Hmm... wow... what a nice night.

I mean, I was expecting everything to go nicely and stuff... but... it was really cool... Okay... I've known her for a long time... like, a really long time... and we've always been able to talk about absolutely anything... and we usually do. Tonight was no exception, either... but, there was this new thing about her... I don't know... like... "swagger," or something (to use a term that is poorly and far over/misused in today's vernacular). She was always smart (well, she is the only person I know... the ONLY person... from that part of this area that wasn't consumed with getting high and being a general loser), a little shy-ish acting, totally cute, really funny... a good person, all around... but this version... there's still a tiny little hint of that shyness, there (but I don't mean "wallflower" shy, or anything, I'm talking more like "careful who she opens up to" and such)... but it's become a bit more obvious that she's, like, really smart. She's really good at what she does... or what she's learning to do... or whatever. She hasn't aged a day... not a freakin' day... it's crazy... just... gorgeous. And there's this new thing... like, confidence, about her... I wouldn't exactly describe it as confidence nor remote cockiness, but just a sense of a very assured person, heading in a direction that she wants to head, doing the things that she needs to do to get there... Of course, we talked about a hundred different things, like we always do, and everything was really interesting and despite only having had a couple hours of sleep, today, my attention was riveted... 'cause it was all just so interesting.

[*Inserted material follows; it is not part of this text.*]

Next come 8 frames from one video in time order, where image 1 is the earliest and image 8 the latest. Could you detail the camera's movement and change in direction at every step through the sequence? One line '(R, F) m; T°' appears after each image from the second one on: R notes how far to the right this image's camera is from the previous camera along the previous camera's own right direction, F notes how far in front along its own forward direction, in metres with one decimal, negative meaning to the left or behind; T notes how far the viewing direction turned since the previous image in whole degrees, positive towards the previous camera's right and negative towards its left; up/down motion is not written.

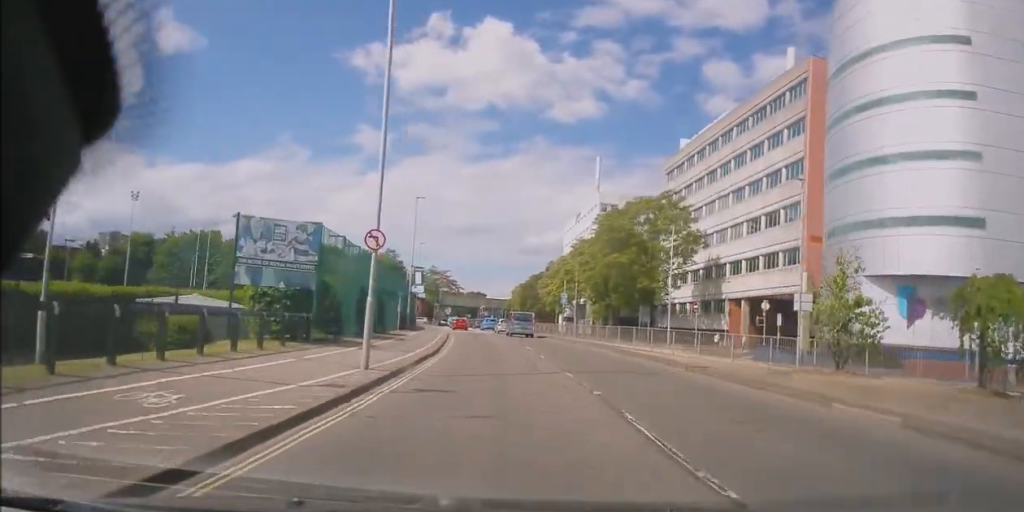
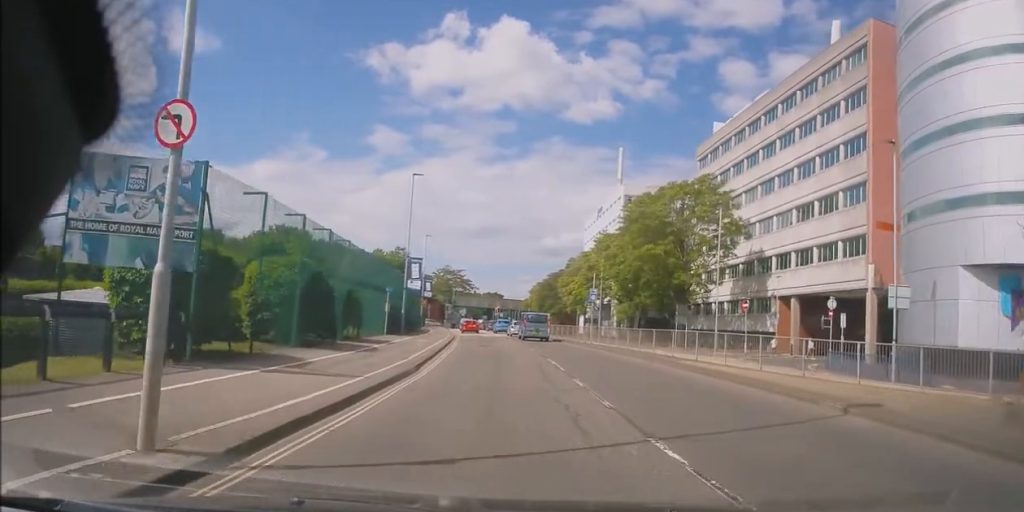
(0.0, +8.1) m; -1°
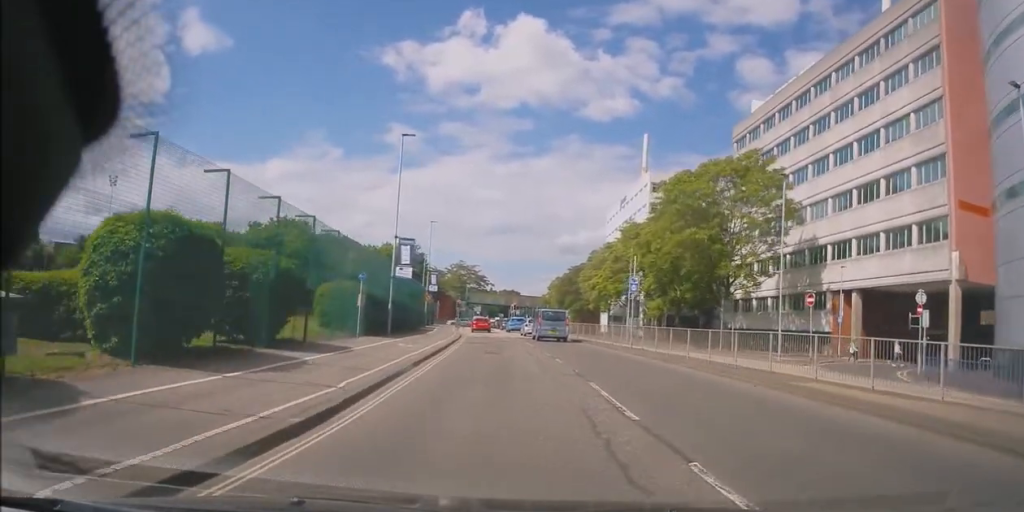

What she's doing for a living is so cool... and it takes a ton of patience, a lot of skill and a lot of fortitude just to even want to take on something that can be... well, incredibly challenging. I know I couldn't do it... as much as I would want to do something like that, I couldn't do it.

It was a great time... I knew it would be. Of course I did. lol Okay, so I didn't play as nervous as I might have been in the first five minutes... I had no reason to be, as would soon become well apparent. Even if I hadn't spent a lot of time with her in the last several years, we still knew a lot more about each other than a lot, if not most other people... I figured we might sit and talk for an hour or so... four hours later, it felt like there was still tons to talk about... but it was always that way. We could sit in the driveway until all hours of the night and just talk about anything that was on our minds and it never got old... ever. Worth every second. It was silly to even be remotely nervous about seeing her again after all this time... we're the same, great people we always were - lol - in some ways, even better... just maybe with a couple grey hairs, now... it was a really great time. I assure you.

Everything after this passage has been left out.